_Exercise details_: Isolate every line in the data with the string "rule" and copy it.

_Data shown_:
---------------

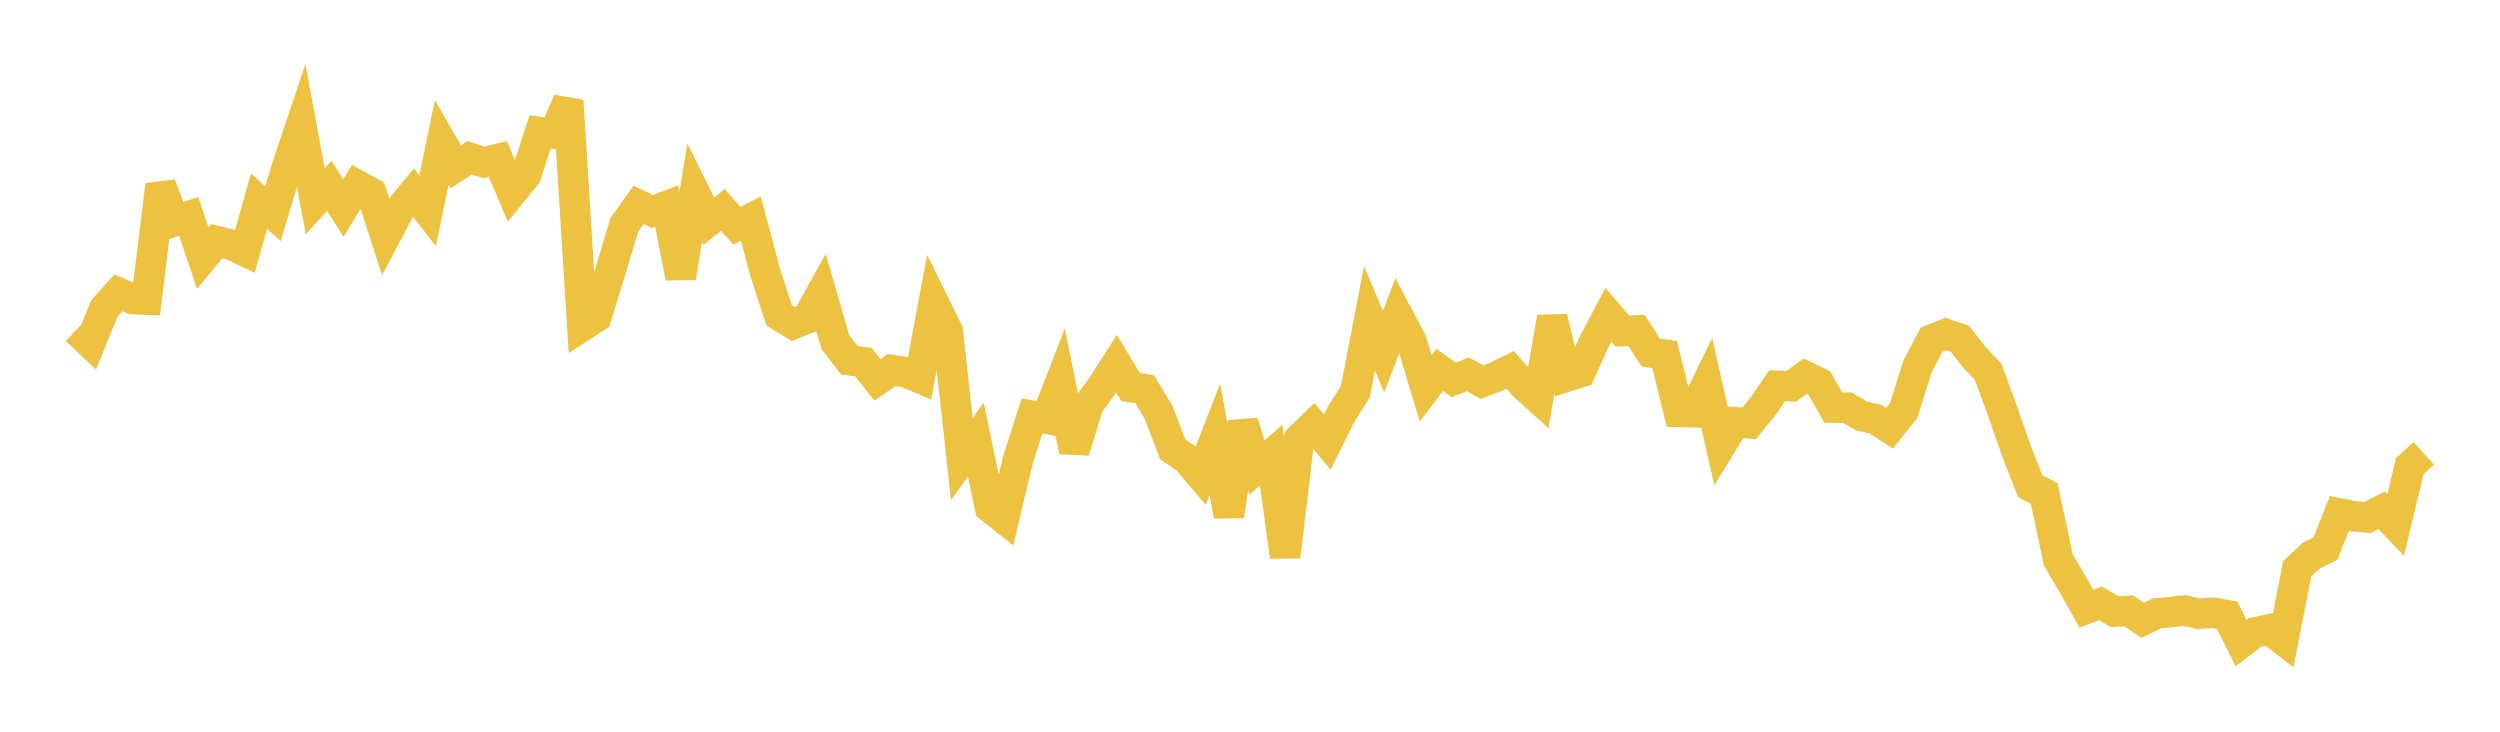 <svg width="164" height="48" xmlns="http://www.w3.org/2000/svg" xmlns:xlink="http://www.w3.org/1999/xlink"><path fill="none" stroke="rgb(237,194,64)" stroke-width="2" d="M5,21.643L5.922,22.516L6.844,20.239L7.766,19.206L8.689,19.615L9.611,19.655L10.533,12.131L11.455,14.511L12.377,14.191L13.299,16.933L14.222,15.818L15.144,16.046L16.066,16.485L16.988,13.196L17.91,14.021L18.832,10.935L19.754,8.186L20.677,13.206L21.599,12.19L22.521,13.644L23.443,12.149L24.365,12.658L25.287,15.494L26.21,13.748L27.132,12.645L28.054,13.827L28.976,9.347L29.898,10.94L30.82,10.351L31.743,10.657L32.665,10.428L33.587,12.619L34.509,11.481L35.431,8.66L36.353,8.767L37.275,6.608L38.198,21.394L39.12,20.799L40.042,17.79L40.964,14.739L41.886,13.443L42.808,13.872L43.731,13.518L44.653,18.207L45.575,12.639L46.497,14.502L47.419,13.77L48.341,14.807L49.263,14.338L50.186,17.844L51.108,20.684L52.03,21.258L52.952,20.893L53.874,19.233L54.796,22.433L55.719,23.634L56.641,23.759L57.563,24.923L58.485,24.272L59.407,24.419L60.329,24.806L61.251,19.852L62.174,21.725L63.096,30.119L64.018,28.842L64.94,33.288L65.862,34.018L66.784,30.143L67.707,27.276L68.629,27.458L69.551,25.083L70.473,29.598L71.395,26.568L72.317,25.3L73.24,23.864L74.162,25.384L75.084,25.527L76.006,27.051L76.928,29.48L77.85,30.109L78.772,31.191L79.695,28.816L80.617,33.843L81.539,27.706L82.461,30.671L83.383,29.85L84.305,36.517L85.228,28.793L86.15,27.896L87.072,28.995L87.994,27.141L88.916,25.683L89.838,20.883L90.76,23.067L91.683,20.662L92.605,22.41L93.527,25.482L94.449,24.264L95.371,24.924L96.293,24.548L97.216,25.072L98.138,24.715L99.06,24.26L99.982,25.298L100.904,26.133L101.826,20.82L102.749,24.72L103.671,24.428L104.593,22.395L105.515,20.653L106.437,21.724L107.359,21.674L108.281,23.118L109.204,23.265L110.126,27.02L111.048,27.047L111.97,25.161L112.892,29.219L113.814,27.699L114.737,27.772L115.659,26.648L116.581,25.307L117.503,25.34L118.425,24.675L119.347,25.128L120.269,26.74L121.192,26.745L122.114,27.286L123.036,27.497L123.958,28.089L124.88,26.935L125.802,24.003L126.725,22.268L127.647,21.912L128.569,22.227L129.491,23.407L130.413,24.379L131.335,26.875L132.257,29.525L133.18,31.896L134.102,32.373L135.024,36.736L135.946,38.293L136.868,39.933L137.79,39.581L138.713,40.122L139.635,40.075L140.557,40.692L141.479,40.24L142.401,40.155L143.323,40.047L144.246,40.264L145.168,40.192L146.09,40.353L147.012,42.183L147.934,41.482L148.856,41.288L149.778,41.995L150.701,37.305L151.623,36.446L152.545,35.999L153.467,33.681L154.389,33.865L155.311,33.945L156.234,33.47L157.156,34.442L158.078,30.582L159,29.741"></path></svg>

---------------

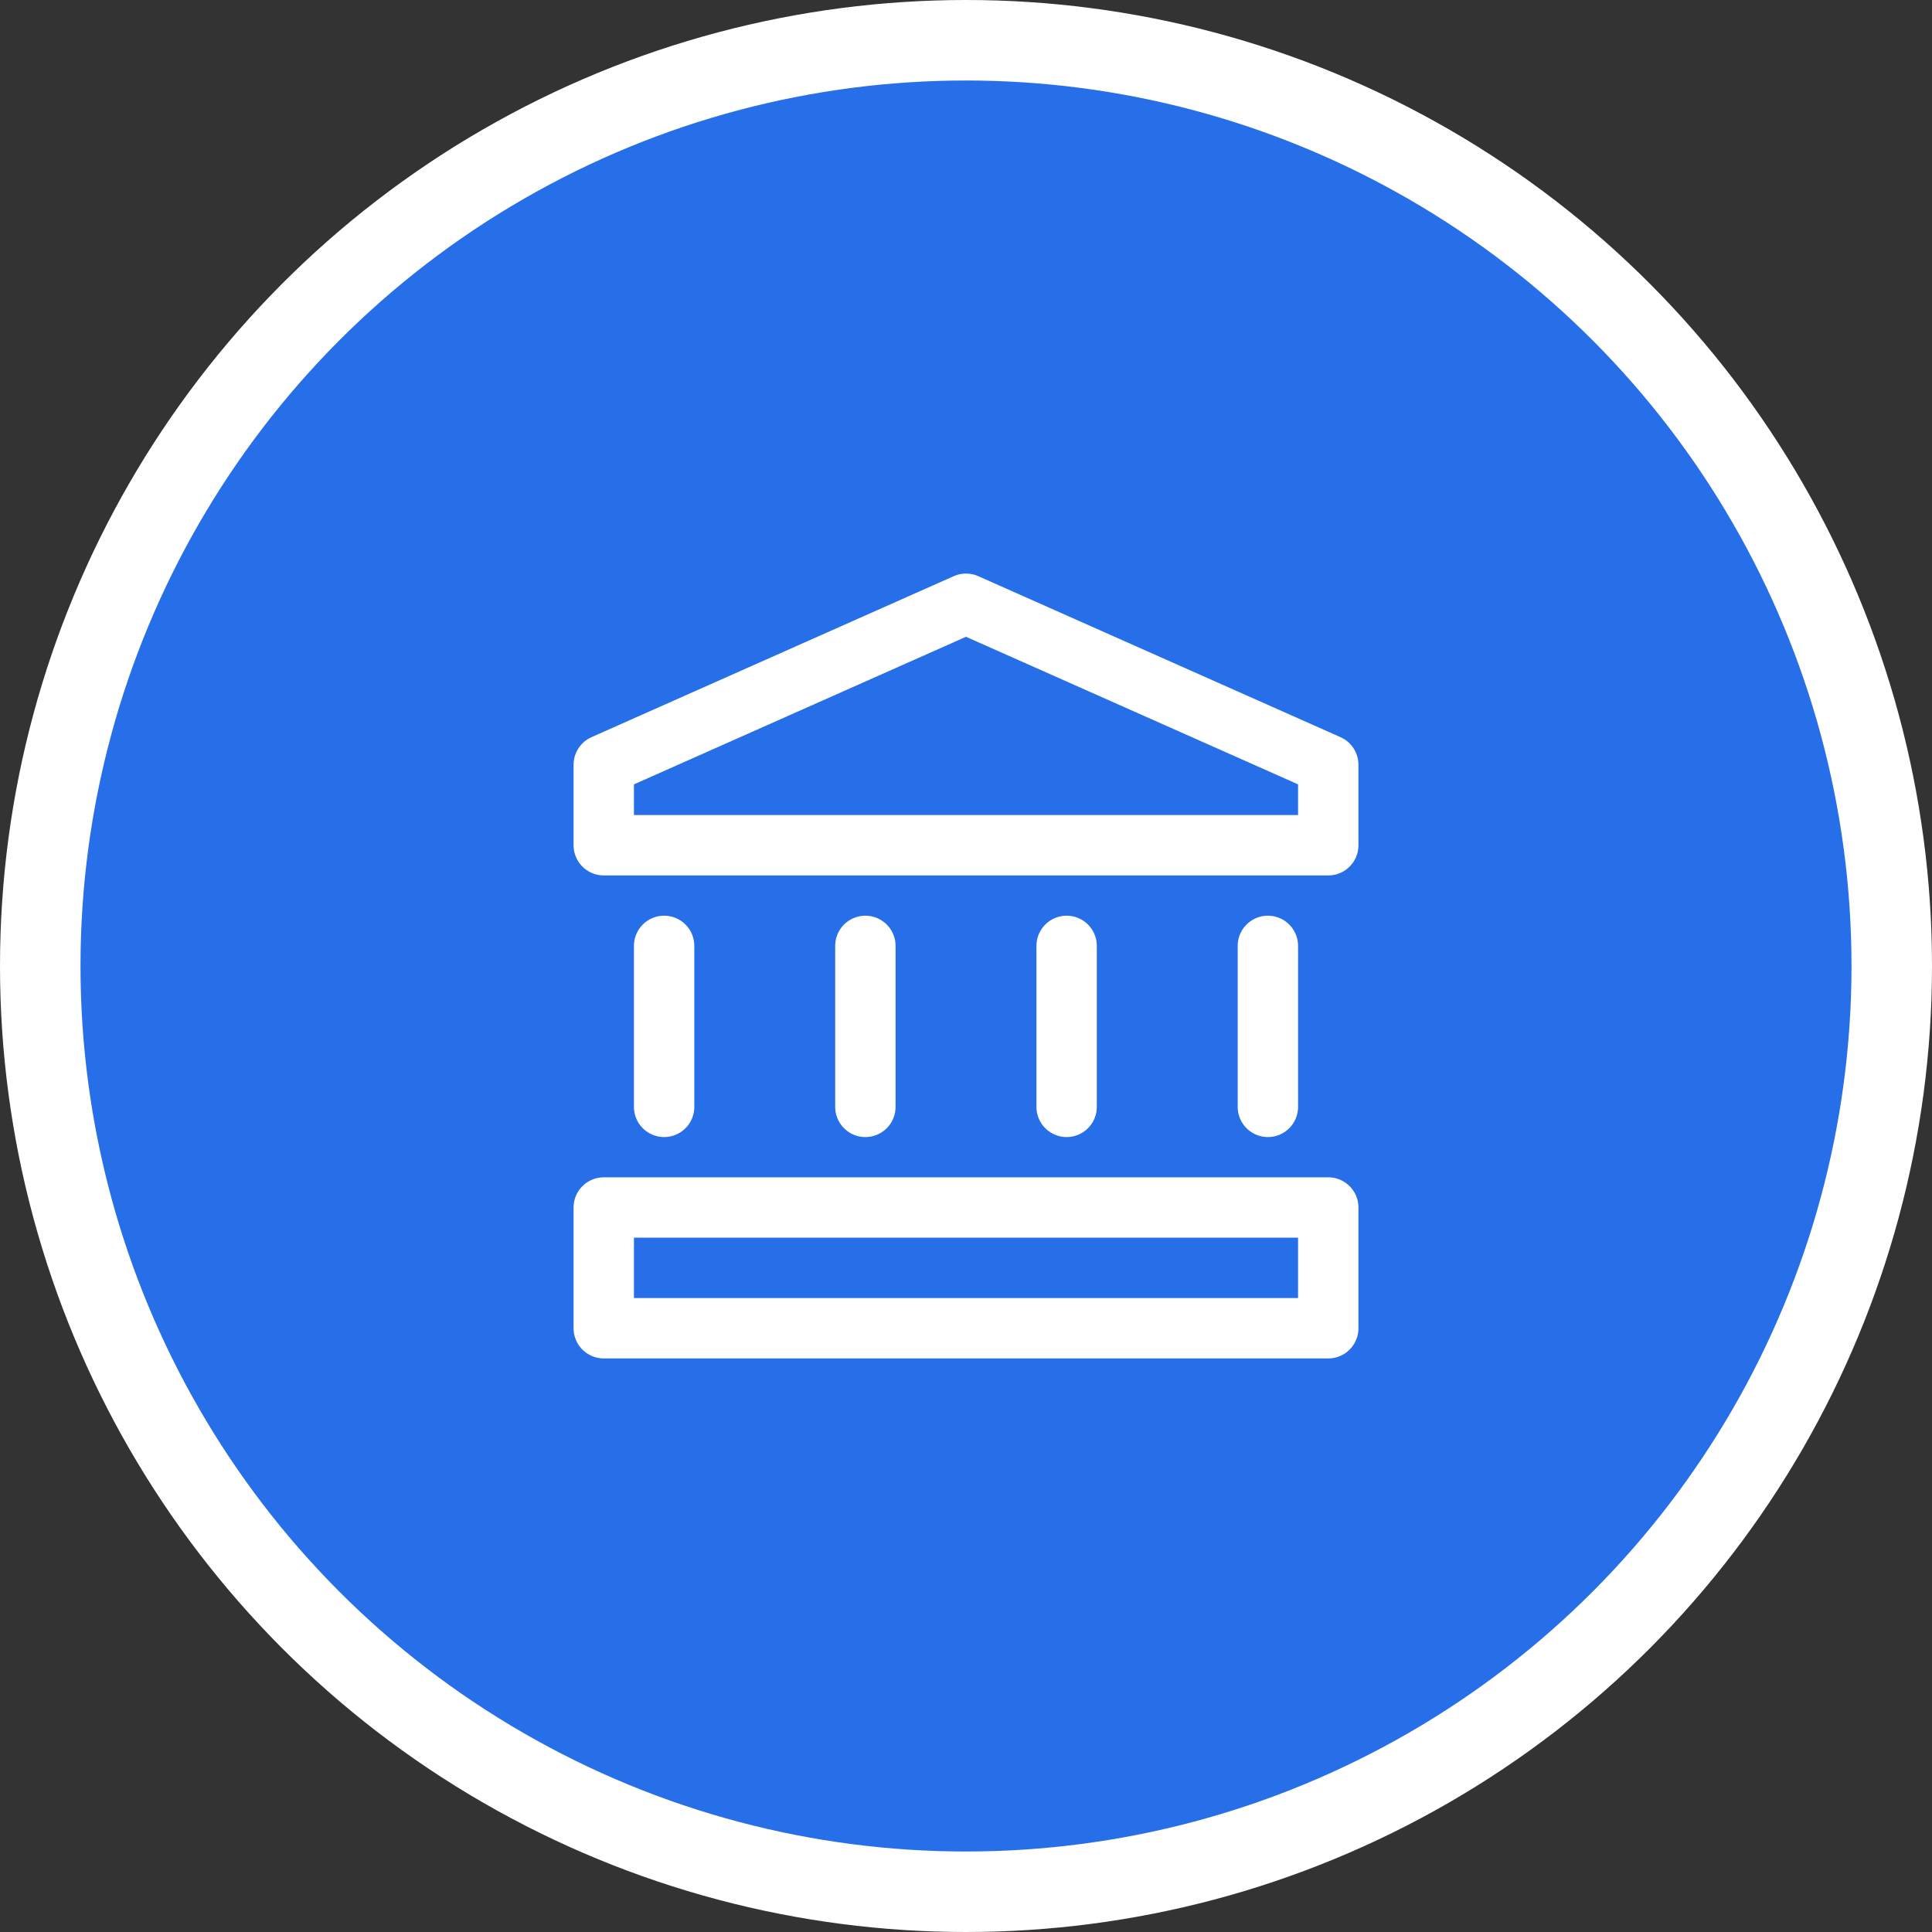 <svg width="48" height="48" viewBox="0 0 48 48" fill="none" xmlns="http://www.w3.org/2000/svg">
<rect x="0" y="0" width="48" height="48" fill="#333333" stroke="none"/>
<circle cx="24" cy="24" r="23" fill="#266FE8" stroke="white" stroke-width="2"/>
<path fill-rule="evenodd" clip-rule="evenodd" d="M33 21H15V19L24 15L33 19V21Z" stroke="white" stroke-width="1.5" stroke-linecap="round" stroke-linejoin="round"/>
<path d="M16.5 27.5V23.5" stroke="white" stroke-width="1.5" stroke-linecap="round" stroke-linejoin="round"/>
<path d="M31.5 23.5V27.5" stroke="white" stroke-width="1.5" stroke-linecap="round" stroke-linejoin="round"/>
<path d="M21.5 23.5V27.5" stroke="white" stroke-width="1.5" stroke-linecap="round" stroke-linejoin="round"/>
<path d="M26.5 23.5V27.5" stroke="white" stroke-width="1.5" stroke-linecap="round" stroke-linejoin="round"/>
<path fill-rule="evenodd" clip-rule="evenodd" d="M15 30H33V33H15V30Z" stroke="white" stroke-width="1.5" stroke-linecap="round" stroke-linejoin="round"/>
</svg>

---------------

_Completed task_:
<path fill-rule="evenodd" clip-rule="evenodd" d="M33 21H15V19L24 15L33 19V21Z" stroke="white" stroke-width="1.5" stroke-linecap="round" stroke-linejoin="round"/>
<path fill-rule="evenodd" clip-rule="evenodd" d="M15 30H33V33H15V30Z" stroke="white" stroke-width="1.5" stroke-linecap="round" stroke-linejoin="round"/>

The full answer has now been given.